Awal tahun 2000-an di Sedona Makassar, saya bersama tujuh wartawan muda dari lima provinsi di Indonesia timur mengikuti workshop jurnalistik yang digelar Unesco. Badan Dunia PBB ini menghadirkan Arya Gunawan, mantan wartawan Kompas, BBC London, yang menjadi mentor jurnalistik Asia Tenggara. Saya datang sebagai wartawan Radio Suara Sawerigading.
Peserta yang sedikit memungkinkan daya serap sangat tinggi, selama kegiatan semua orang harus berbicara. Saat bertemu mas Arya Gunawan di Palembang 10 tahun kemudian, beliau masih mengenal dengan baik. Bahkan senior inilah yang menyapa duluan, saya kuatir tidak diingat lagi.
Demikianlah semalam. Hingga pukul 22.15 saya menyudahi antusias anak-anak muda yang terus menyauk. 120 menit itu seperti hitungan amat cepat untuk menandingi rasa ingin tahu mereka. Dijamu secangkir kopi dan bosara berisi donat warna-warni, sharing berlangsung semangat. Rekrutmen reporter untuk pers kampus selalu meluberkan ledakan harapan.
Saat di newsroom saya selalu memberi perhatian lebih pada magang luaran media kampus.

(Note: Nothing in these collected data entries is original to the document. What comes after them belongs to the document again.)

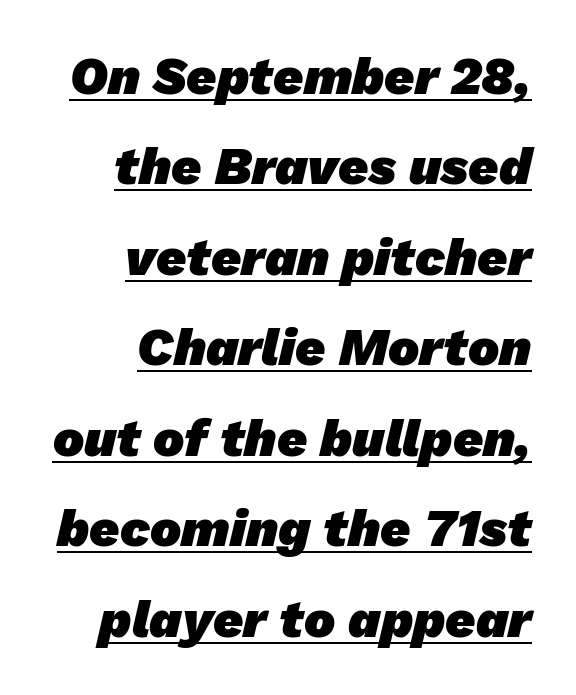
{"serif": "no", "bold": "yes", "weight": "heavy", "width": "normal", "stroke_contrast": "low", "x_height": "medium", "monospaced": "no", "underline": "yes", "align": "right", "line_spacing_ratio": 1.74, "letter_spacing": "normal", "letter_spacing_em": 0.0, "glyph_px": 52}
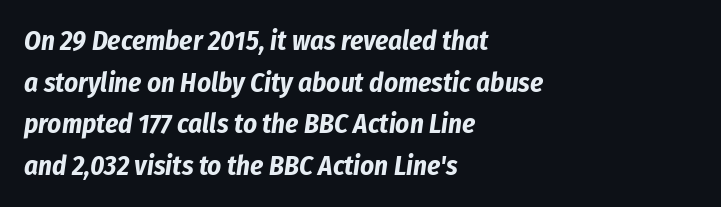
The letters are bold, with thick, heavy strokes. Emphasis-style slanted type is in use. The letters sit at their default tracking, neither squeezed nor spread. How would I describe the line gaps? Plain and ordinary. Decoration check: the copy has no underline.
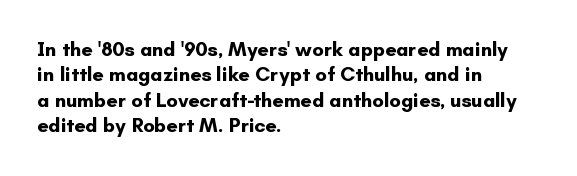
Characters follow at the spacing the type designer built in. What's the leading like? Ordinary, nothing unusual. Horizontal alignment here is leftward, the default for most running prose. The words here are not underlined. The typesetting leans heavy: a genuine bold.
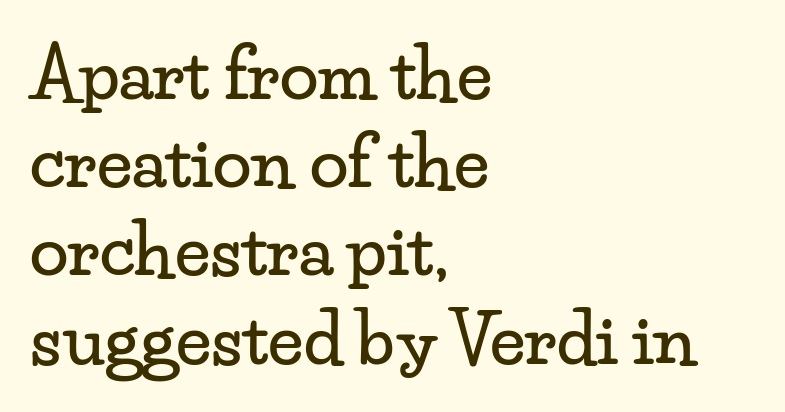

Saya tahu mereka datang membawa buntal idealisme yang terus mengapungkan elemen utama jurnalisme. Semalam di kampus ITBM saya menemukan pijakan itu yang lamat-lamat mereka benihkan.
Kami juga membincang tentang arus tahapan Pemilu 2024 yang terus beririsan. Mereka calon wartawan muda, juga pemilih yang kian skeptis. Kumpulan milenial kritis. Mereka akan menjadi pewarta muda sekaligus sebagai calon pemilih di Pemilu dan pemilihan tahun depan.
Selamat datang semuanya dalam realitas jurnalisme kekinian. Ini tentang pertarungan idealisme juga parameter keilmuan yang mesti digali terus-menerus. Saya merekomendasikan agar mereka tetap membawa notes, untuk menajamkan ingatan, dan mencatat hal-hal detail. Juga mengenai teknik wawancara untuk menggali palung paling dalam para sumber yang bakal menguji ketangkasan mereka: bertanya dan menganalisis.
Media dan wacana demokrasi seperti kelindan dalam pusaran kepentingan banyak pihak. Wartawan memiliki posisi daya tawar yang amat bagus, itu sebabnya sejak dini kader-kader muda profesi ini harus dididik dan dilatih dari azas utamanya. Bahwa mereka harus menjaga kualitas elemen jurnalistik, dan menghormati panduannya. Wartawan atau media memiliki kuasa tersendiri, sebab frame dan karya jurnalistik mereka sangat memengaruhi publik.
“Lalu apa risiko bagi seorang wartawan?” Tanya ini diajukan Maya, perempuan muda berjilbab yang sudah mengajar di salah satu sekolah itu.
Dalam perkembangan media apapun, dari dulu kini dan nanti, pijakan utama bagi jurnalis yakni wajib memedomani standar ABC: Akurasi: Balance and Clarity. Jurnalis akurat dalam mencatat dan menulis; media wajib menjaga keseimbangan; dan apapun karya yang dihasilkan mesti jelas: Clear and Clean. Bila menjaga tools ini, insya Allah akan melahirkan media berkualitas pun jurnalis berkelas.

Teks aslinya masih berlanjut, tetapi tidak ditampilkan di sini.